An enormous number of contributors to this FOM topic assume that it is
sentences, rather than anything else, that are the bearers of truth or
falsity.  However:

1.  Richard thinks, believes fears &c that what Dean says is true.  Richard
doesn't  think or fear *sentences*.

2.  Some philosophers (probably, at the time of writing, the majority who
write on this subject) argue that there are abstract entities called
"propositions".  These are what is stated or expressed by sentences, rather
than the sentences themselves.  People should at least be aware there is a
large body of literature on this.  (I have a list for anyone interested).
Compulsory reading in my view, if you can get a copy, is A.N.Prior's
"Objects of Thought", esp chapter "What we Think".  My old teacher CJF
Williams wrote a book called "What is Truth" (much influenced by Prior)
which is also good (but hard).  Frege's "The Thought" is also fun, and much
anthologised.  Christopher also wrote a book called "Being Identity and
Truth" which was his idea of a popular presentation of the subject and is
slighly cringeable as a result (he has a chapter called "Kooky Objects") but
is worth looking at and can be found at herb at philosophy-books.co.uk

3.  If we want to avoid abstract entities like thoughts or propositions,
consider how we report other people's thoughts beliefs, or the content of
the sentences they utter.  We use a verb likes "thinks", "believes" &c, plus
a construction that wraps the sentence that would otherwise express the
thought, in a so-called "that" clause.  So "Richard fears / that grass is
not green".  This is a neat trick that language has, of allowing us to
characterise what someone says or thinks, without expressing the thought or
opinion ourselves.  The report of what Richard fears actually contains the
words "grass is not green", without expressing the thought or fear
attributed to Richard himself.  If we didn't have this trick, we couldn't
entertain what other people think, or entertain thoughts that we know are
not true.

4.  Contemporary philosophy of language is v. much focused on the semantics
of "that" clauses, one of the best web sites on the whole topic is by Kent
Bach, with whom I occasionally correspond/argue/lunch with.:

http://online.sfsu.edu/~kbach/

I especially recommend his two pieces on "Belief Reports".  There's a good
survey of the literature, which will save anyone e-mailing me!  Anything by
Kent is worth reading, check out his other papers, especially "Searle
Against the World".  He also has a book called "Meaning and Reference"
(Clarendon Press) which is all about the contemporary problem of "singular
thought".

5.  On "The Liar": as I suggested in a sadly ignored posting last month, the
function of the word "true" is simply to signify assertion or affirmation.
Consider

That grass is not green

(a) is feared by Richard
(b) is thought by Richard
(c) is stated by Richard
(d) is not true

The sentences completed by (a) to (c) all report what Richard thinks,
believes &c, without offering any view on whether what he thinks or believes
is a fact or not.  I.e. the truth of the report does not depend on whether
grass is green or not.  However in (d) we take the content and deny it.  Now
I express an opinion, not on what Richard says or thinks, but on the
greenness of grass.

6.  Now consider

What this sentence says is true.

But what does the sentence say?  It's referring to the content of some
sentence, which happens to be the sentence itself.  Thus, if I'm right, and
every sentence consists of a content-part, analogous to a noun clause, and
an assertion part, analogous to a verb, then the content-part is what is
signified by "What this sentence says".  But we can't tell what it
signifies.  It's exactly the same as the expression "what this expression
signifies" - which signifies nothing.

If we suppose that there is an implicit assertion, in sentences like "what
Richard said is / is not true", that Richard said anything in the first
place, then the Liar sentence comes out false.  Thus there is no paradox.

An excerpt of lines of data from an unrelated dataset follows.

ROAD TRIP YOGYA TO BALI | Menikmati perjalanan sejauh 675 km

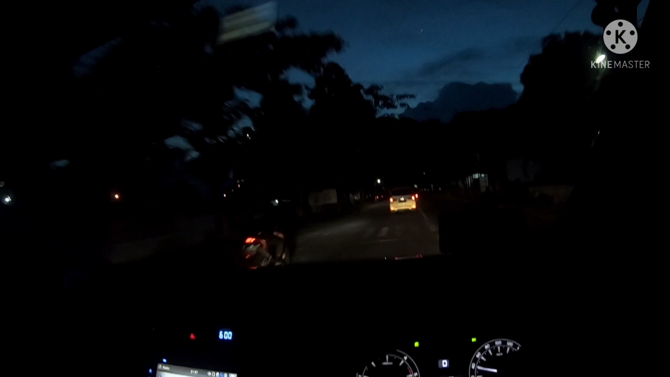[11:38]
Dan kita mampir dulu disana kurang lebih sekitar 15 sampai dengan 20 menit Terus kita bertiga Jadi sudah di rapid Dan suratnya juga sudah keluar Nah ini Kita menuju pelabuhan Terus nanti habis ini kita langsung mau beli tiket
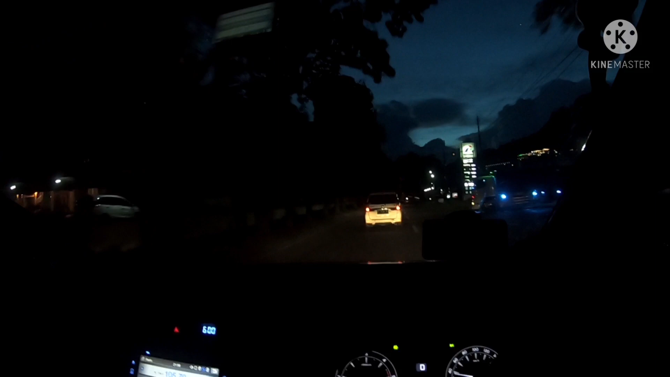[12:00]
Di sekitar Sebelum pintu masuk pelabuhan Sekarang persis jam 6 ya Jam 6.00 Jadi persis perkiraan saya
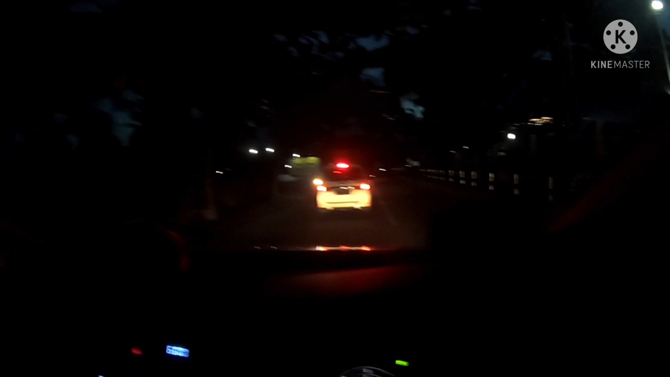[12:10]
Kita tadi berangkat jam 7 lewat 3 dari rumah
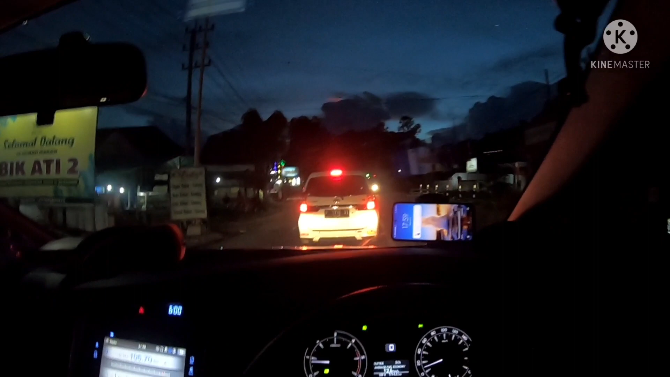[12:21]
Sampai di pelabuhan itu jam 5 maksimal jam 6 Sorry Karena kita harus berhenti dulu Kita berhenti resahari itu tadi berapa kali ya Dua kali Tiga kali Tiga kali plus makan Setelah hasil rapid sudah kita bawa
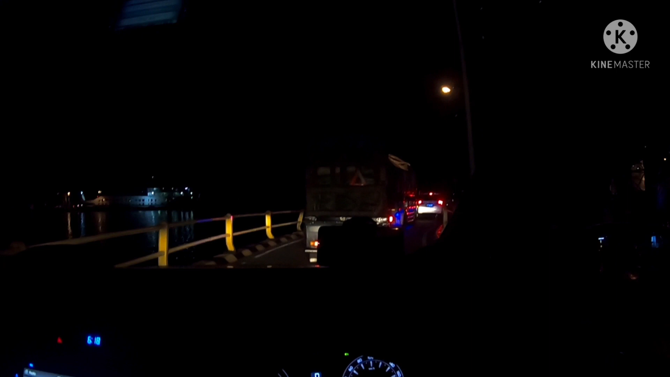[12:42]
Terus kita beli tiket online Sebelum pelabuhan Terus setelah dapat tiket online Baru kita masuk ke pelabuhan Dan mereka memvalidasi Dari hasil rapid yang sudah kita lakukan Terus dengan men-scan
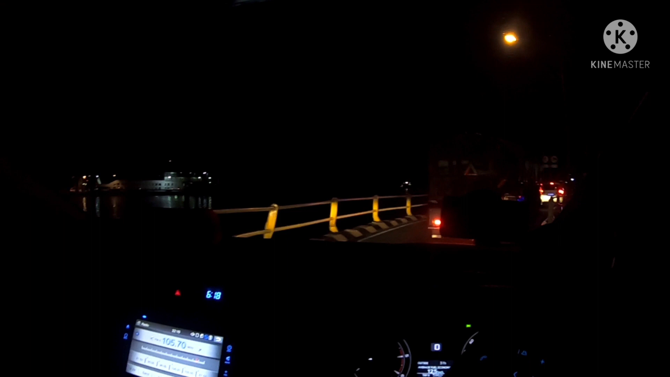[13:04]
Men-scan dari peduli lindungi Nah disana nanti ada tulisan check-in Kita check-in Dan sekarang ini kami lagi ngantri Masuk ke kapal
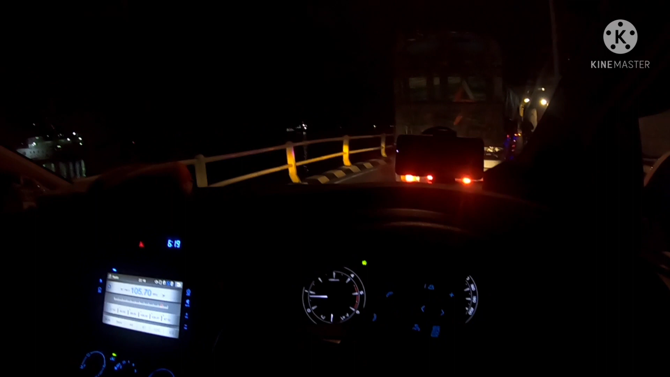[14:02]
Oke kita ngantri dulu Untuk masuk ke kapal Kelihatannya nanti bisa langsung berangkat Sampai jumpa di video selanjutnya Sampai jumpa di video selanjutnya Sampai jumpa di video selanjutnya

7.  Now there is a more serious puzzle here worth mentioning.  Frege had
the idea that the meaning of a sentence is built out of components

"The possibility of our understanding propositions which we
have never heard before evidently rests on this, that we construct the sense
of a proposition out of parts that correspond to the words."

[ Frege, letter to Jourdain, see also Wittgenstein,
Tractatus 4.03]

So the component contributed by the verb of the sentence, the bit that
actually asserts the content, must also be a component of the meaning, since
"that grass is green" clearly means something different from "grass is
green".  But what is this component?  As soon as we try to say what it is,
we have to use a noun phrase.  So let the meaning of the sentence - a thing
- be M, and the assertoric component - another thing - be A.  And let's
denote the content as before, by a "that" clause.

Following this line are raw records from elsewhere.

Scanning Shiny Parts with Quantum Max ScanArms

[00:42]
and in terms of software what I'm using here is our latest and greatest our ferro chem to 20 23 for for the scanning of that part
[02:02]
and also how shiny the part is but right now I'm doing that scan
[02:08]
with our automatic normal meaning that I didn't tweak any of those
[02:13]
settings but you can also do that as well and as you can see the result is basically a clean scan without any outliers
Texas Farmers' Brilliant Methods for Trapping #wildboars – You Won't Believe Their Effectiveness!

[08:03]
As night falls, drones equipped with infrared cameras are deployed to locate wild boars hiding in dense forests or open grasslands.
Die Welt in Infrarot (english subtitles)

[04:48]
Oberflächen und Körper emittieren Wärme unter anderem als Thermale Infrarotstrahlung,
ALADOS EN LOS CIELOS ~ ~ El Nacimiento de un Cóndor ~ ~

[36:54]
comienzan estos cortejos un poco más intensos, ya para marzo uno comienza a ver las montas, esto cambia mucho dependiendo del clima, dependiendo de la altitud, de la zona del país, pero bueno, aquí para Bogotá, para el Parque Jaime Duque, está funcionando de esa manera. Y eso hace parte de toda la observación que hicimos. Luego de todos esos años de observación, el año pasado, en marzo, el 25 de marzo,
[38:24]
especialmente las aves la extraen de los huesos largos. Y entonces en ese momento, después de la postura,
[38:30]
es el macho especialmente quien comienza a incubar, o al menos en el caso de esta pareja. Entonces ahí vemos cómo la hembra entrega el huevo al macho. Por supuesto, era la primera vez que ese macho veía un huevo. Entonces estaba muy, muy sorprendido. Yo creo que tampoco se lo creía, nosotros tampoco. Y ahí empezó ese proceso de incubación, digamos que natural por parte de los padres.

M = that grass is green + A

But this is a noun phrase, not a sentence, and cannot therefore denote the
meaning  of "grass is green" at all.  This is "Arnauld's paradox".  Arnauld
thought that the function of a verb is to signify affirmation.  But the word
"affirmation" also signifies affirmation!

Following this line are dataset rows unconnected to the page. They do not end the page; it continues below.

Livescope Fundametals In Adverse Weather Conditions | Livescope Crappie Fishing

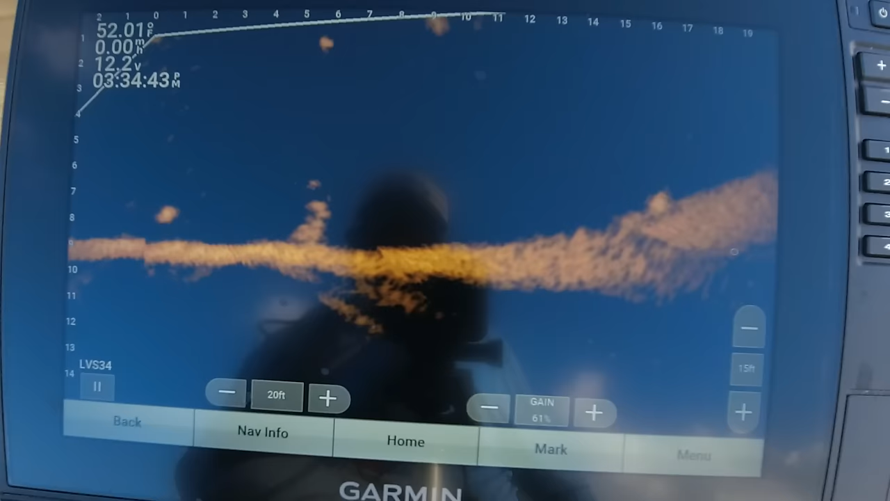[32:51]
Come on out of there. Oh, he just barely nipped it. Get out of my space. That's all they want. They're not trying to eat it. Now, I must tell you, if I'm on a guided trip, there's no way that I'm going to spend time messing with these inactive fish. But what I like to do when I'm out by myself is research.
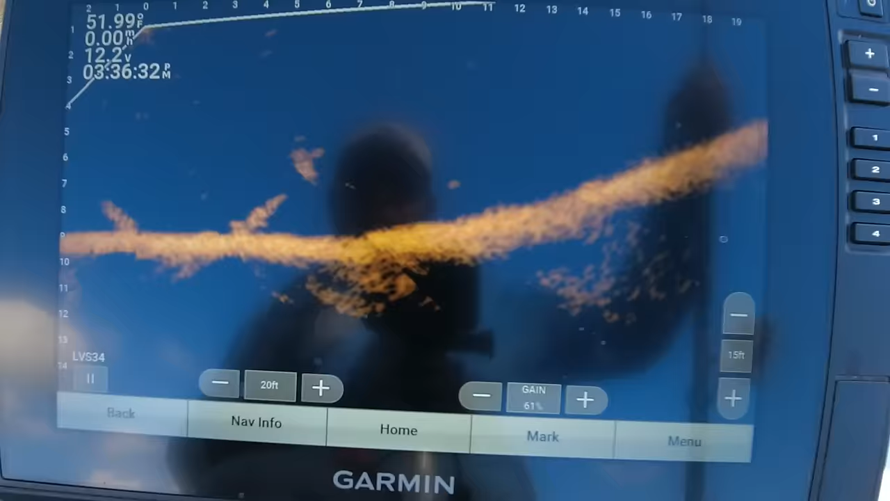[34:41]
There we go. Just leave it in his face. I guess he say, oh, you ain't gonna move. I'll show you how to move. He just gonna eat it. All right. And there he is.
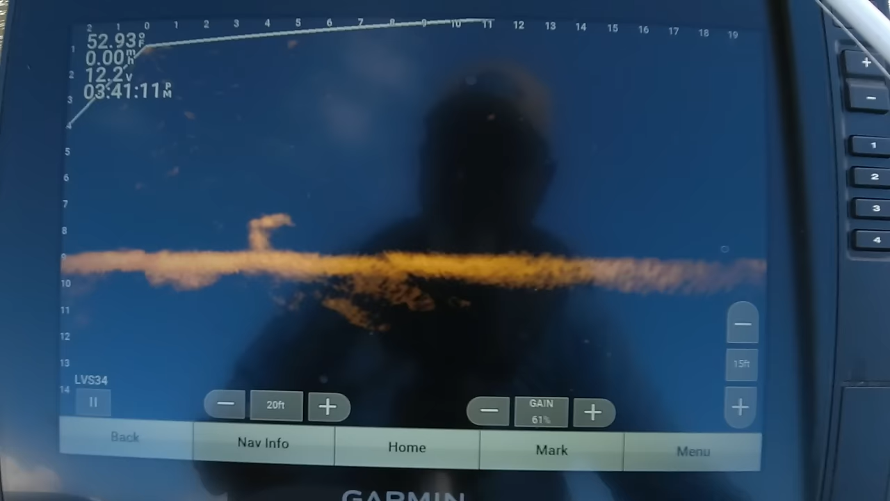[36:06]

The science of Chemistry uses words or symbols for things like hydrogen,
oxygen, etc, and combines them in certain ways to get signs for chemical
compounds such as water.  The science of semantics (if there can be such)
cannot do this.  We cannot combine signs for the component meanings of a
sentence, to give a sign for the meaning of the sentence.  Otherwise we
would be asserting things like "grass is green", which is not an issue for a
theory of meaning.  Crispin Wright has a brilliant paper on this sort of
problem called "Why Frege does not deserve his grain of salt", but I don't
have journal reference (I think Nous).  Crispin argues that if "is a horse"
signified the Concept Horse, then "Shergar is a horse" would mean the same
as "Shergar the concept horse", which doesn't really mean anything at all.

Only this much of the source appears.